This post was originally written for Nyam Penh on May 23, 2012
When I go to Vietnam, I tend to eat a lot of Vietnamese food. So much that sometimes, my wife has to call a stop to it and force me to eat something that doesn’t involve a noodle, grain of rice or fish sauce. When this happens, I usually complain, pout, and kick about. Basically, I turn into a 3 year old.
It was one of these times again last week where she put her foot down and told me to find a non-Vietnamese place for us to try out. So I opened the excellent Word magazine and unenthusiastically started down the list of international restaurants until I saw a listing that piqued my interest.
Italian tradition meets Japanese ingenuity
It took a while to find the place, mainly due to the fact that it is down an alley. Best advice is to look for the Domino’s and then walk past it, then make a left when the road ends. We arrived on a very busy Saturday night and were told it was going to be a 30 minute wait for a table but were free to sit at the bar. I suggest anyone eating here to sit at the bar to watch the awesomeness happen.
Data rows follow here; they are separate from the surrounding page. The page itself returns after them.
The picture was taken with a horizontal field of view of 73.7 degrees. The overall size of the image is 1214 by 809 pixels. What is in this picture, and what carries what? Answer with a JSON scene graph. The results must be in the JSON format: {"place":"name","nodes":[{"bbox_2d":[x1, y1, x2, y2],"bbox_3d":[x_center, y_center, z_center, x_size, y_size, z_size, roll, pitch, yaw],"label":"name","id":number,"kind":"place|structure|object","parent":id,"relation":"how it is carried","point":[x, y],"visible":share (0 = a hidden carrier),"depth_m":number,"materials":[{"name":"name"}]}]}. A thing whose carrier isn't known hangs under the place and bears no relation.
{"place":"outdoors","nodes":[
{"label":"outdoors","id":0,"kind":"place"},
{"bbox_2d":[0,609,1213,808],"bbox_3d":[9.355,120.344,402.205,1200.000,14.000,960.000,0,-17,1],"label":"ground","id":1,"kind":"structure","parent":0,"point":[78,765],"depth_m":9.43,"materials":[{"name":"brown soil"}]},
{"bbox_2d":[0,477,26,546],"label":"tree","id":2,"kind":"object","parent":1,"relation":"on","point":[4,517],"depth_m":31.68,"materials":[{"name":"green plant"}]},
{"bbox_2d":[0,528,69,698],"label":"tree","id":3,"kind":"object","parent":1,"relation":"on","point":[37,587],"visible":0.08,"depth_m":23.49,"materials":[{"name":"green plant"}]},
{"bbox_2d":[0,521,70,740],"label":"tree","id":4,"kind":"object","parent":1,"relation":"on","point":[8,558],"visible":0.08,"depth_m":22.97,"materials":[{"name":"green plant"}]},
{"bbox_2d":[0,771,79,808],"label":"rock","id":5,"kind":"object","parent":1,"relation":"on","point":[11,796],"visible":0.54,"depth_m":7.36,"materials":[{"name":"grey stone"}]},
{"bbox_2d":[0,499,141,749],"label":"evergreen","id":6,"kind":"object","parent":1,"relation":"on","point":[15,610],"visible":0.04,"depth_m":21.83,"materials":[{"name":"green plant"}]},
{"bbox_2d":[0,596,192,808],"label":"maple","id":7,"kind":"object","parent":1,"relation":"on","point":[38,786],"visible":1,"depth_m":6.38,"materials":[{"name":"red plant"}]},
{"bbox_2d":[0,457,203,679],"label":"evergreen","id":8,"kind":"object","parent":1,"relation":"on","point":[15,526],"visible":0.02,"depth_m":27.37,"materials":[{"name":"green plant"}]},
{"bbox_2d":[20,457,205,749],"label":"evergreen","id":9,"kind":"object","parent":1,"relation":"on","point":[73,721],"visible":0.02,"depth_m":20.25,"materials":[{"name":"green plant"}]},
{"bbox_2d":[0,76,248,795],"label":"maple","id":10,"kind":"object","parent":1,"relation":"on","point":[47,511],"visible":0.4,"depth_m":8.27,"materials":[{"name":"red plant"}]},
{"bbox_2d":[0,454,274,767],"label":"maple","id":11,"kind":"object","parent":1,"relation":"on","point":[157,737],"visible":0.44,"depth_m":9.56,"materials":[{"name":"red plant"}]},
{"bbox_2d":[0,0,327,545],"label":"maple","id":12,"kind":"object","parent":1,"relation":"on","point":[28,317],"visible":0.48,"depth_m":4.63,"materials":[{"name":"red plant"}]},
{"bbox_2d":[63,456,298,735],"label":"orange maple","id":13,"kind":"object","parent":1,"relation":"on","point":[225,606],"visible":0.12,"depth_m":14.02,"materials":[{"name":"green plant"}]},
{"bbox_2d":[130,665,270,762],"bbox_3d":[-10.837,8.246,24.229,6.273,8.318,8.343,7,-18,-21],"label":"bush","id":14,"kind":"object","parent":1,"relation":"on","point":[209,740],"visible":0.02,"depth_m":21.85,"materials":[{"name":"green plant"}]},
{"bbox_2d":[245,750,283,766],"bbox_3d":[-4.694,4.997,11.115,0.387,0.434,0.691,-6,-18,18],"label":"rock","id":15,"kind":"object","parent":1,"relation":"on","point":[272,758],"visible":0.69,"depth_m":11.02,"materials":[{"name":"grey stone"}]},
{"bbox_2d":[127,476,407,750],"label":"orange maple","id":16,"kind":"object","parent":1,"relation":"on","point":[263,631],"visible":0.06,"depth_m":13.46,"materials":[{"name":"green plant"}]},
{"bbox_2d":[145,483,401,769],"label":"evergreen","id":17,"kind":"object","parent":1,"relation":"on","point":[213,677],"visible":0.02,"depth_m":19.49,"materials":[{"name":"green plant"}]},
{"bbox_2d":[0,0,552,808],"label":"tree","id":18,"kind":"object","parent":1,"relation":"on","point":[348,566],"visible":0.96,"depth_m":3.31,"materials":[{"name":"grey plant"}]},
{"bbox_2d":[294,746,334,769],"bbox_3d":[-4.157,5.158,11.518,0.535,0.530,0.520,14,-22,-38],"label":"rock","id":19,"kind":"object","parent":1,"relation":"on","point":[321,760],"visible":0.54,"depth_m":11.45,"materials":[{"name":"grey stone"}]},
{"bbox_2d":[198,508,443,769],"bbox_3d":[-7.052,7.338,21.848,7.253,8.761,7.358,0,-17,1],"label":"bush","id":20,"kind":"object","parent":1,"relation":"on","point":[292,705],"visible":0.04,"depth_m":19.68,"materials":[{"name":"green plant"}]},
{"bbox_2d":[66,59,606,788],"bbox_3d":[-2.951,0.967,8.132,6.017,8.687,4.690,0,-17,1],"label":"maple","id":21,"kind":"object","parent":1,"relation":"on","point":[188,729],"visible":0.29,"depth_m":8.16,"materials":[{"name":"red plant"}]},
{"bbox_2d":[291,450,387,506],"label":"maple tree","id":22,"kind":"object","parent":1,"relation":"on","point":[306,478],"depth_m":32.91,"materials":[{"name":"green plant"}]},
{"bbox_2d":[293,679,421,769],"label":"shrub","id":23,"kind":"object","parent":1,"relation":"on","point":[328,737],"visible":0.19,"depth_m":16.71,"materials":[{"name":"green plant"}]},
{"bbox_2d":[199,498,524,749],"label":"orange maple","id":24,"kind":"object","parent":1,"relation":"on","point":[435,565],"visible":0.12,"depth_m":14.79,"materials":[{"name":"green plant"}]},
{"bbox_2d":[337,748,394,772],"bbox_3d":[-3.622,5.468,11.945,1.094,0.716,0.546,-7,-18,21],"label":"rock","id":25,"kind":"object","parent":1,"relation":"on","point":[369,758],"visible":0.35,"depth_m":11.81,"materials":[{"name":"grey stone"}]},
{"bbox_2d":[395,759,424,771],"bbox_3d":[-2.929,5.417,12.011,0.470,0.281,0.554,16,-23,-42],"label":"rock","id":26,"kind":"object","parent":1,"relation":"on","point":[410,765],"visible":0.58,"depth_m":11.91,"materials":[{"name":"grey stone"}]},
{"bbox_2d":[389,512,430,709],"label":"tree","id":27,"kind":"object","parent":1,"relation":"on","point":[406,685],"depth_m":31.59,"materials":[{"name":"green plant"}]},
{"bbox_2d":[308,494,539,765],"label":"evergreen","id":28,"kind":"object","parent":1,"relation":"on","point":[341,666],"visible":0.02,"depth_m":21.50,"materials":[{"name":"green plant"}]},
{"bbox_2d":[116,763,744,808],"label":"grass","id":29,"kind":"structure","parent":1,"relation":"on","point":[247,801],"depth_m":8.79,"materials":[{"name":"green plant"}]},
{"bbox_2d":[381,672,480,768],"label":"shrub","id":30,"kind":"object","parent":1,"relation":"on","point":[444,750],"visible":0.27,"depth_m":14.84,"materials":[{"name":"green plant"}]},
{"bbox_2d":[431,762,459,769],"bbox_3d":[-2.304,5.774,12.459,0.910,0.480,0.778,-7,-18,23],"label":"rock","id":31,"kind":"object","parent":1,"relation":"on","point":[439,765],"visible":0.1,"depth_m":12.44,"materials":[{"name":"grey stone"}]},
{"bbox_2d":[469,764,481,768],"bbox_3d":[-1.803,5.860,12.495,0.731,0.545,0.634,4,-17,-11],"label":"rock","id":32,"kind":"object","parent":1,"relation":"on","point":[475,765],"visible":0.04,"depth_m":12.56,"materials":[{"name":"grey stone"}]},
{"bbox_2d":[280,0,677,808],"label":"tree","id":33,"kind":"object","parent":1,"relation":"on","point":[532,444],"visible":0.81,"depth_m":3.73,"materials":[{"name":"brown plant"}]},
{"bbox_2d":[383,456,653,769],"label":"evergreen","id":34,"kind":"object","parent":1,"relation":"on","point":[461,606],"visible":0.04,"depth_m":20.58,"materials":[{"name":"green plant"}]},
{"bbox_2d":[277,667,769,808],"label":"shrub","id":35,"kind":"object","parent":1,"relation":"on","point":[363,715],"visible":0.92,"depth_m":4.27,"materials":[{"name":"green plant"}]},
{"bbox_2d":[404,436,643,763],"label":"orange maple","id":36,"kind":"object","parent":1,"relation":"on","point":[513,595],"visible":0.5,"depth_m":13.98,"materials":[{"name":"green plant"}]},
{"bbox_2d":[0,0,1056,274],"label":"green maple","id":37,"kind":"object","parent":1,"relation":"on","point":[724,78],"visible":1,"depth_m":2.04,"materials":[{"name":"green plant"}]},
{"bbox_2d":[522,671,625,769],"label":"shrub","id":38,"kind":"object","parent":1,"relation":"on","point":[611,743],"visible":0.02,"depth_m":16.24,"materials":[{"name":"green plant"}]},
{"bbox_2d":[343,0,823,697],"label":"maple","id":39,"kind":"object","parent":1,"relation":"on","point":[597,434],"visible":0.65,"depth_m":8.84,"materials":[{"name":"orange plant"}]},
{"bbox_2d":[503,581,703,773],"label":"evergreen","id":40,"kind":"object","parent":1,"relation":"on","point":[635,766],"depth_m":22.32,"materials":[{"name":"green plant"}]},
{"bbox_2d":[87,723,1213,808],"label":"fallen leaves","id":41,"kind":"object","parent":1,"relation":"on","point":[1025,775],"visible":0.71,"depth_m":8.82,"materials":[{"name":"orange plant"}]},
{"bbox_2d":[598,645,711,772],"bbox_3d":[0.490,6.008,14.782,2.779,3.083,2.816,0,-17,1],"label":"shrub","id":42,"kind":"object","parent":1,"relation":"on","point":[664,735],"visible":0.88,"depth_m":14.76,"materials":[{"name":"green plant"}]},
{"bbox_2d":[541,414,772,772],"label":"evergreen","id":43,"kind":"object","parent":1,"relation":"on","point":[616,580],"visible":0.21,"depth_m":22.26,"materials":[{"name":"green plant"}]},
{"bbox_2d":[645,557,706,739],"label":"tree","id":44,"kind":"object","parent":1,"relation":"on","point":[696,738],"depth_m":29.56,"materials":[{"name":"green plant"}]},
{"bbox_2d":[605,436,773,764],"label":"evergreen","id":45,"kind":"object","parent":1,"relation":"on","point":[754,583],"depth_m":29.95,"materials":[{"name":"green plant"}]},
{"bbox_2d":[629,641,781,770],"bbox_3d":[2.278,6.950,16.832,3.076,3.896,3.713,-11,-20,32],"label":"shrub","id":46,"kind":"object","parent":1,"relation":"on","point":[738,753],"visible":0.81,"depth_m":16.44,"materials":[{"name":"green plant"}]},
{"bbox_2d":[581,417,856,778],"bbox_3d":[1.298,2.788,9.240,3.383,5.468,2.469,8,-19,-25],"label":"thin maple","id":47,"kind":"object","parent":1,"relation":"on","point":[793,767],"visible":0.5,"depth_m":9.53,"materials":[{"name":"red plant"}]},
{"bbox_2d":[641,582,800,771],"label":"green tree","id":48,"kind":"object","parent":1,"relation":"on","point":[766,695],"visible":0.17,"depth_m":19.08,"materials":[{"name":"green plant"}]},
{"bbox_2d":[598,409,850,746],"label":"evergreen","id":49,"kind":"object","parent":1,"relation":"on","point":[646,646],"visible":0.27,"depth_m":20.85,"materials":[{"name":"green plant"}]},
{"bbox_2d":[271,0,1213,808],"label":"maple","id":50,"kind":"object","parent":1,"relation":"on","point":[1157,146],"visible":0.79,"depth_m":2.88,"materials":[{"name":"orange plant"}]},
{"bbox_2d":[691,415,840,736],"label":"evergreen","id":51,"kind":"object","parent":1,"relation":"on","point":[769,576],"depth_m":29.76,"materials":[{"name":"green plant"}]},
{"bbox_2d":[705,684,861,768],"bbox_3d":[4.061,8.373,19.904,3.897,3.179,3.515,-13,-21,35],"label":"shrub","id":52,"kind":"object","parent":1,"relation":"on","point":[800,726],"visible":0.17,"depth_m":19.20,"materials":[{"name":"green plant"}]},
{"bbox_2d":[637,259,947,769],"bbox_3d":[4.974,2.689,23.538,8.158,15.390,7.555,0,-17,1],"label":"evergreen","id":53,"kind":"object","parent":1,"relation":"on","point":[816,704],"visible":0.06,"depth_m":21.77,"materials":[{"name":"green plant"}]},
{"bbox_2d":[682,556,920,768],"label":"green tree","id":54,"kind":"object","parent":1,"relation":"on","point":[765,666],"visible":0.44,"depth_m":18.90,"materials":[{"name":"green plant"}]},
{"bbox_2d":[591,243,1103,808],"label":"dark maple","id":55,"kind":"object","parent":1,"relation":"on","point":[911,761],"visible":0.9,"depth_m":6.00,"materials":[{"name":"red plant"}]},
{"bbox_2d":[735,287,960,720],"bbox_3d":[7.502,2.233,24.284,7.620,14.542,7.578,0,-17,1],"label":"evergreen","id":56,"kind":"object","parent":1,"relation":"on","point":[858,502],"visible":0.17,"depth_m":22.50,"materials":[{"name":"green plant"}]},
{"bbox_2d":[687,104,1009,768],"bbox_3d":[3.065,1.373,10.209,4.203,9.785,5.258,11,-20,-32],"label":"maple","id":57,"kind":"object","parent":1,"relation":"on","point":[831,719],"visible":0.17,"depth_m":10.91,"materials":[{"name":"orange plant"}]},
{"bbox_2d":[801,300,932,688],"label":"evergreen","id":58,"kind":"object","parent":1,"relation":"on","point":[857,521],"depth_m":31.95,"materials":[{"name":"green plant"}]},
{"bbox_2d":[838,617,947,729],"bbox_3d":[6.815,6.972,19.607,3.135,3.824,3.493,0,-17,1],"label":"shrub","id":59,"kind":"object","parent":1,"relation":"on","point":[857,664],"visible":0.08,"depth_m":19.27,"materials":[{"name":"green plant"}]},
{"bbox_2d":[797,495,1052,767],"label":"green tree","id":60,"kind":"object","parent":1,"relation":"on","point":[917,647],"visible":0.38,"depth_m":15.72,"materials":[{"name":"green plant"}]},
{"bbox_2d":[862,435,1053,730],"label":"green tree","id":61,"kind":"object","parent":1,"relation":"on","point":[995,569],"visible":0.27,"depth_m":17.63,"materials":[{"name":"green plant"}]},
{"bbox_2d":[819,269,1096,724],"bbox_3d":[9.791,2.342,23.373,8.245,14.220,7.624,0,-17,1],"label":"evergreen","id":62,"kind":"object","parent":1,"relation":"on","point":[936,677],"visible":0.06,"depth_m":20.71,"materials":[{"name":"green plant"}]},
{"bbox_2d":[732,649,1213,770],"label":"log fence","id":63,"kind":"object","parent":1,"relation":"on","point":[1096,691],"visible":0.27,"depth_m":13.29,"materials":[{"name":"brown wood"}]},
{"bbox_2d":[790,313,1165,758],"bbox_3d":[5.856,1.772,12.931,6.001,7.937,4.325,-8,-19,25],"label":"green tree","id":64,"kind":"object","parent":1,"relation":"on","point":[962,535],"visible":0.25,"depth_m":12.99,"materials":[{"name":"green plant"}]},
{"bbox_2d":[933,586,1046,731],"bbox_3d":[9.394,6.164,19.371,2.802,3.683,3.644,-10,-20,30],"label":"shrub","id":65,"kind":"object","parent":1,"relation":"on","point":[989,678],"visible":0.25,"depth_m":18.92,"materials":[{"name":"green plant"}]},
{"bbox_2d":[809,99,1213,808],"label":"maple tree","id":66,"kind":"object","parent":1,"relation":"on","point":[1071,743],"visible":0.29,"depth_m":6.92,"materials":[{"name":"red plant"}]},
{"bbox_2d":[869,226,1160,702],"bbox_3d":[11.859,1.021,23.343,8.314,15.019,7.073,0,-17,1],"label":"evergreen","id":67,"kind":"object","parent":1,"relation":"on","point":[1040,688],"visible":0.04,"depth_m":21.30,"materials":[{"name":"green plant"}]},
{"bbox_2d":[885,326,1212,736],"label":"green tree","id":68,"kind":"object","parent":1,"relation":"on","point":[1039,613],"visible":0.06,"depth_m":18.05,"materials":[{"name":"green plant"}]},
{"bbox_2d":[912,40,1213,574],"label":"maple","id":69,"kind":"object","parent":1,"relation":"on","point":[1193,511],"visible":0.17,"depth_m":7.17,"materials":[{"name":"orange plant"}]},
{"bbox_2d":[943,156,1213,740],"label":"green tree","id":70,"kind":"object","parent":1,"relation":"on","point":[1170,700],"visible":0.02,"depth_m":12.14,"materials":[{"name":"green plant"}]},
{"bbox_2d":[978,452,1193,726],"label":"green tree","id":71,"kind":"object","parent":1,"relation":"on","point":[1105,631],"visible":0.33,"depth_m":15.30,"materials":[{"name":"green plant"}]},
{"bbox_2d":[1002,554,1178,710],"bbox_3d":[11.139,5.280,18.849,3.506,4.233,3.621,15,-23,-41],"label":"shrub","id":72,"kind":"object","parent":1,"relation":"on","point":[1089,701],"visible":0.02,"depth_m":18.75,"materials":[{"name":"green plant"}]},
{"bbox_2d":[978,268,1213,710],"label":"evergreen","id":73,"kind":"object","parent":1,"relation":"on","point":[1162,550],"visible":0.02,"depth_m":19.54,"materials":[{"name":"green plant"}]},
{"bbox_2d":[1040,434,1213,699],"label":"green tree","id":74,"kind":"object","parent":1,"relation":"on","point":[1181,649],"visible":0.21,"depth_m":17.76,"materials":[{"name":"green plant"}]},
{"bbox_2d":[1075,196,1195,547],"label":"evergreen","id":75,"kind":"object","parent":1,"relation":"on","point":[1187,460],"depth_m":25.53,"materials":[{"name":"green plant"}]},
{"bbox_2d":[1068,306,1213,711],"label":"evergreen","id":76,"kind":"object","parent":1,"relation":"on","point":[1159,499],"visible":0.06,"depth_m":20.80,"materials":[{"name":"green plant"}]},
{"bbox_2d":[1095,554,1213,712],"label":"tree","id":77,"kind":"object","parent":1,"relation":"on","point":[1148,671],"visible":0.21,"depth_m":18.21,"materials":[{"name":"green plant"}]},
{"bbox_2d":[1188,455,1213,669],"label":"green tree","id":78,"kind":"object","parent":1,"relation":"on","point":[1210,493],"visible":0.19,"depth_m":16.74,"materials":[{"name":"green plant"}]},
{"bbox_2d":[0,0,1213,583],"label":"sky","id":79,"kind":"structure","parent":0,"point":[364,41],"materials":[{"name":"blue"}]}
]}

All the pizza’s are made by the man in the red rimmed glasses. And he is very good at what he does.
The menu is quite extensive with appetizers, soups, salads, one-dish meals and of course pizza. With over 14 different pizzas, it was hard to choose. Luckily, Pizza 4P’s offers combination pizzas by offering half orders on each pie. This time, we ordered a full margherita and a half salmon sashimi/quattro flowers pies.
From the first minute of watching from the bar, I was completely enthralled by the quick work by Chef Yoshikawa and his crew making the pies. The speed at which pizzas were getting placed in the wood-fired oven was astounding after seeing some of the complex affairs that were being assembled. I asked the chef’s assistants to let me know when he was going to start our pizzas so I could document the process. So after a half hour of beers, conversation with our fellow bar mates and a fantastic caprese cocktail appetizer, the assistant indicated that ours was next.
Once the dough gets rolled out, the toppings get piled on. I love a place that doesn’t shred their mozzarella and seeing Chef Yoshikawa grabbing whole chunks of cheesy goodness made me extremely happy.
Once all the ingredients are on the pie, it gets moved to a waiting pizza peel for baking. .
Once Thuy, the pizza baker gets a hold of the pizza, it is placed inside the oven for about a minute, then it is slowly rotated and constantly checked for the prerequisite char marks to appear. When she decides the pizza is done, it is placed on an awaiting dish to be garnished. It only took 2:27 from the time Thuy put the margharita pizza in the oven to the time the plate was placed in front of us.
A simple tomato sauce, fresh mozzarella and basil finished off with some extra-virgin olive oil is all that is on this margherita pizza. My wife commented that the tomato sauce was the best she had ever had on a pizza. Sometimes simple is all you need.
The other pie that came out was the complete opposite of simple but the crew still managed to get it out to us at 3:47. The Quattro Flowers pizza had pumpkin, leek, telosma cordata, sesbania, grandiflora and daylily flowers accompanied on a sweet mozzarella cheese mayo and parmesan cheese. The medley of flora in the Quattro Flowers brought a fresh, crisp texture to the pizza and would have made it a light meal if it wasn’t for the other side of my plate.
The other half was the Salmon Sashimi which had house-made ricotta, capers, onions and parmesan cheese cooked onto the pizza. It was finished off with some raw salmon and fresh dill on the side. The Salmon Sashimi side of the pizza was a playful Japanese spin on traditional italian ingredients by adding the raw salmon and dill.
As we were leaving, I had a chance to chat with the owner, Yosuke Masuko about his restaurant. Chef Yoshikawa and him have been friends for over 20 years and actually built a wood fired a few years ago in his garden. When I asked about the quality and care they took in each pie that came out, the former venture capitalist cum restauranteur simply replied, “I really like pizza”.
8/15 Le Thanh Ton Street
Ho Chi Minh City, Vietnam
We came back 2 more times and tried the Okonomiyaki, Chicken Teriyaki, Quattro Fromaggio, Proscuitto and the Salmon Miso pizzas. All were great and we will definitely come back when we are back in Ho Chi Minh City!